LTA, belonging to the tumor necrosis factor superfamily, stands as a predominant pro-inflammatory mediator and a known contributor to atherosclerosis. It operates by engaging with TNFR1 or TNFR2 receptors and is predominantly secreted by T lymphocytes[21]. As a critical pro-inflammatory cytokine, LTA's interaction with leukocytes, endothelial cells, and smooth muscle cells facilitates the induction of secondary inflammatory cytokines, including tumor necrosis factor-alpha and vascular cell adhesion molecule-1[22]. Despite its established role in inflammation, investigations into LTA's connection with Polycystic Ovary Syndrome (PCOS) remain absent. Given its potent pro-inflammatory capabilities, it is hypothesized that LTA may play a significant role in the onset and advancement of PCOS by driving inflammatory processes.
Moreover, this study's single-gene GSEA enrichment analysis of principal oxidative stress biomarkers in PCOS revealed significant enrichment in the asthma pathway for BCL2A1, TNFSF10, NCF2, PLA2G7, and LTA. This finding proposes a potential association between asthma and the development of PCOS. Supporting this hypothesis, a retrospective cohort study from 2015[23]found a higher hospitalization rate for asthma among women with PCOS (10.6%) compared to controls (4.5%), highlighting increased asthma susceptibility in PCOS patients. Similar trends have been observed in other epidemiological studies across different populations[24], with women with PCOS also receiving more asthma medication prescriptions than the general female population[25]. Additionally, DNA methylation, the process by which cytosine converts to 5-methylcytosine, affects gene expression without altering DNA sequences, responding to environmental and lifestyle changes[26]. Both PCOS and asthma exhibit abnormal methylation signaling pathways[27], possibly underlying the observed high asthma prevalence in PCOS patients. These insights, supported by epidemiological evidence and this study's biomarker analysis, underline the need for further investigation into the mechanistic links between PCOS and asthma.
Emerging literature suggests that dysregulation within the immune system, notably the imbalance between innate and adaptive immune cells, may significantly contribute to the pathophysiology of Polycystic Ovary Syndrome (PCOS)[1]. This study delves into the correlation between PCOS and immune cell anomalies via comprehensive immune cell infiltration analysis.

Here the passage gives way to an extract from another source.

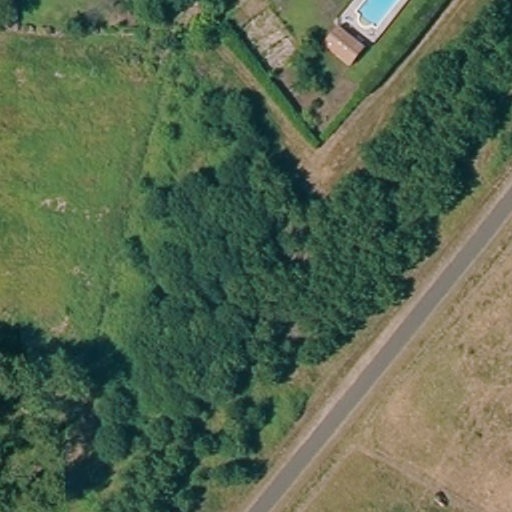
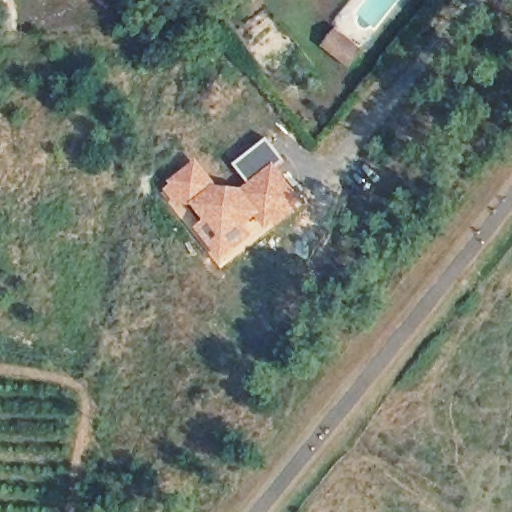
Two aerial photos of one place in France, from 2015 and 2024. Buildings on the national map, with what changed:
unchanged [(367,54),(355,69),(331,50),(342,35),(367,54)]
new [(267,137),(286,161),(279,167),(276,165),(247,184),(232,165),(267,137)]
new [(195,158),(223,186),(224,187),(228,187),(240,187),(247,184),(276,165),(279,167),(306,204),(218,266),(191,230),(202,220),(190,207),(180,216),(159,192),(195,158)]

By assessing the infiltration scores of 28 immune cell types in both PCOS patients and a healthy control group, notable discrepancies were identified, particularly in Activated CD4 T cells and Memory B cells. These findings align with existing reports indicating elevated CD4 + T lymphocyte levels in PCOS sufferers[28, 29].

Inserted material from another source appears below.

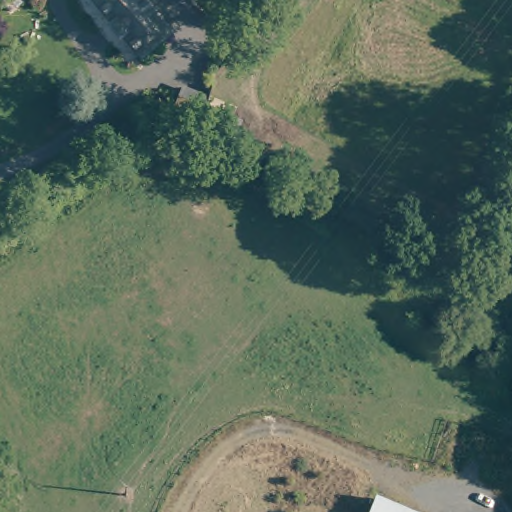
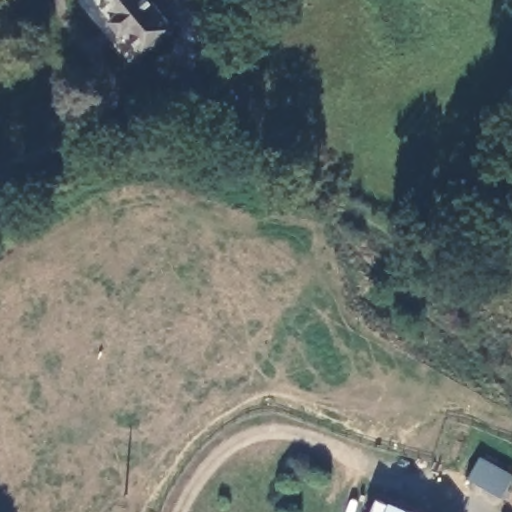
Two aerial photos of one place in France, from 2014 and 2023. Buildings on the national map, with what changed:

Upon activation, naive CD4 T lymphocytes differentiate into various helper T cells (Th1, Th2, Th17) and regulatory T (Treg) cells, orchestrating the immune response. Th17 cells, known for producing IL-17, play a pivotal role in regulating tissue inflammation and provoking extensive inflammatory reactions[30], emerging as critical contributors to inflammatory diseases[31]. Contrastingly, studies have observed a significant reduction in the Treg cell population alongside an increase in Th17 cells in both PCOS patients and animal models[32, 33]. This Th17/Treg imbalance likely intensifies inflammation, aggravating chronic inflammation, and thereby, could be a central mechanism driving PCOS progression. Consequently, immune dysfunction and the resultant chronic low-grade inflammatory state are intimately linked to PCOS development and progression[34, 35].